Department of Computer Science, George Washington University, Washington, DC, USA.
Disaster Med Public Health Prep. 2024 May 10;18:e103. doi: 10.1017/dmp.2024.109.
Not all scientific publications are equally useful to policy-makers tasked with mitigating the spread and impact of diseases, especially at the start of novel epidemics and pandemics. The urgent need for actionable, evidence-based information is paramount, but the nature of preprint and peer-reviewed articles published during these times is often at odds with such goals. For example, a lack of novel results and a focus on opinions rather than evidence were common in coronavirus disease (COVID-19) publications at the start of the pandemic in 2019. In this work, we seek to automatically judge the utility of these scientific articles, from a public health policy making persepctive, using only their titles.
Deep learning natural language processing (NLP) models were trained on scientific COVID-19 publication titles from the CORD-19 dataset and evaluated against expert-curated COVID-19 evidence to measure their real-world feasibility at screening these scientific publications in an automated manner.
This work demonstrates that it is possible to judge the utility of COVID-19 scientific articles, from a public health policy-making perspective, based on their title alone, using deep natural language processing (NLP) models.
NLP models can be successfully trained on scienticic articles and used by public health experts to triage and filter the hundreds of new daily publications on novel diseases such as COVID-19 at the start of pandemics.

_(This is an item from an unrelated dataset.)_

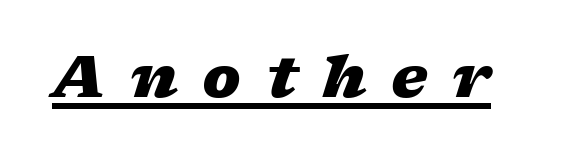
{"italic": "yes", "lean": "right", "slant_degrees": 17, "bold": "yes", "weight": "heavy", "width": "wide", "stroke_contrast": "low", "x_height": "medium", "monospaced": "no", "underline": "yes", "letter_spacing": "wide", "letter_spacing_em": 0.42, "glyph_px": 58}

并非所有针对疾病传播和影响的科学出版物都对决策者同样有用,尤其是在新型传染病和大流行开始时。当务之急是需要可操作的、基于证据的信息,但在这些时候发表的预印本和同行评议文章的性质往往与这些目标不一致。例如,在 2019 年大流行开始时,冠状病毒病(COVID-19)出版物中缺乏新结果,且关注意见而非证据的情况很常见。在这项工作中,我们试图仅使用标题,从公共卫生政策制定的角度自动判断这些科学文章的效用。
使用来自 CORD-19 数据集的 COVID-19 科学出版物标题对深度学习自然语言处理 (NLP) 模型进行训练,并根据专家策划的 COVID-19 证据进行评估,以衡量其在自动筛选这些科学出版物方面的实际可行性。
这项工作表明,仅使用标题,通过深度学习自然语言处理 (NLP) 模型,就可以从公共卫生政策制定的角度判断 COVID-19 科学文章的效用。
可以成功地对科学文章进行 NLP 模型训练,并由公共卫生专家在大流行开始时对数百种新型疾病(如 COVID-19)的每日新出版物进行分类和筛选。